Nanocrystalline Boron-Doped Diamond as a Corrosion-Resistant Anode for Water Oxidation via Si Photoelectrodes
Authors
P. Ashcheulov, A. Taylor, V. Mortet, A. Poruba, F. Le Formal, H. Krýsová, M. Klementová, P. Hubík, J. Kopeček, J. Lorinčík, Jun-Ho Yum, I. Kratochvílová, L. Kavan, K. Sivula
Nanocrystalline boron-doped diamond (BDD) layers protect underlying photoelectrodes (Si) over a wide pH range (1–14) in aqueous electrolyte solutions. Si|BDD photoelectrodes show no sign of performance degradation after a continuous PEC treatment in neutral, acidic, and basic electrolytes.

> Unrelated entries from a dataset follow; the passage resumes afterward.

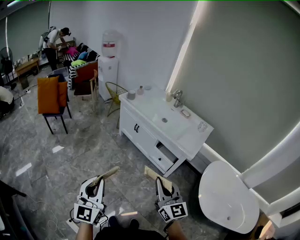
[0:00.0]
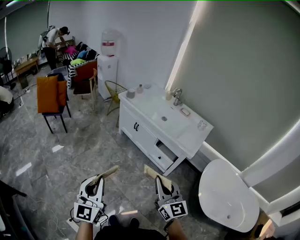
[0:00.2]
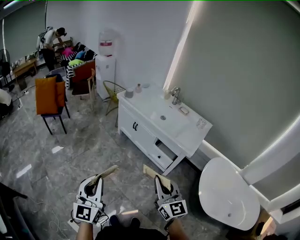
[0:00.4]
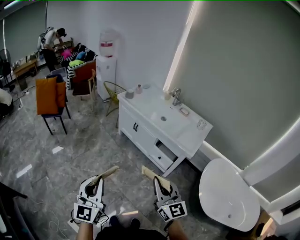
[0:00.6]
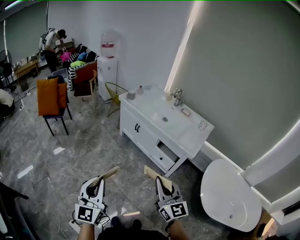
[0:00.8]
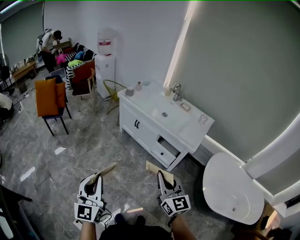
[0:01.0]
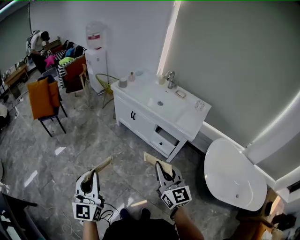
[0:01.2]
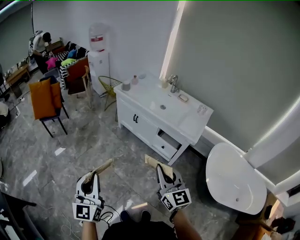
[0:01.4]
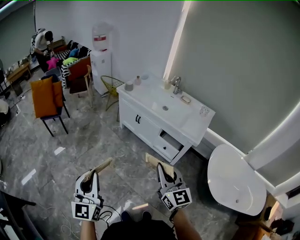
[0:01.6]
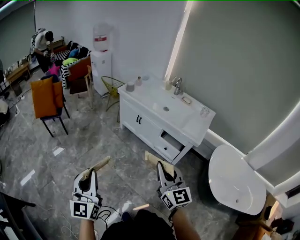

The deposition of a cobalt phosphate (CoPi) oxygen evolution catalyst onto the BDD layer significantly reduces the overpotential for water oxidation.
Description
Schematic illustration of a photoelectrode based on a boron doped diamond electrode and buried pn-junction Si solar cell for water oxidation and reduction. The PV component (np-Si) is responsible for incident light absorption and charge separation across the pn-junction, whereas oxygen evolution occurs at the boron doped diamond electrode/electrolyte surface and hydrogen evolves at the externally wired metal cathode.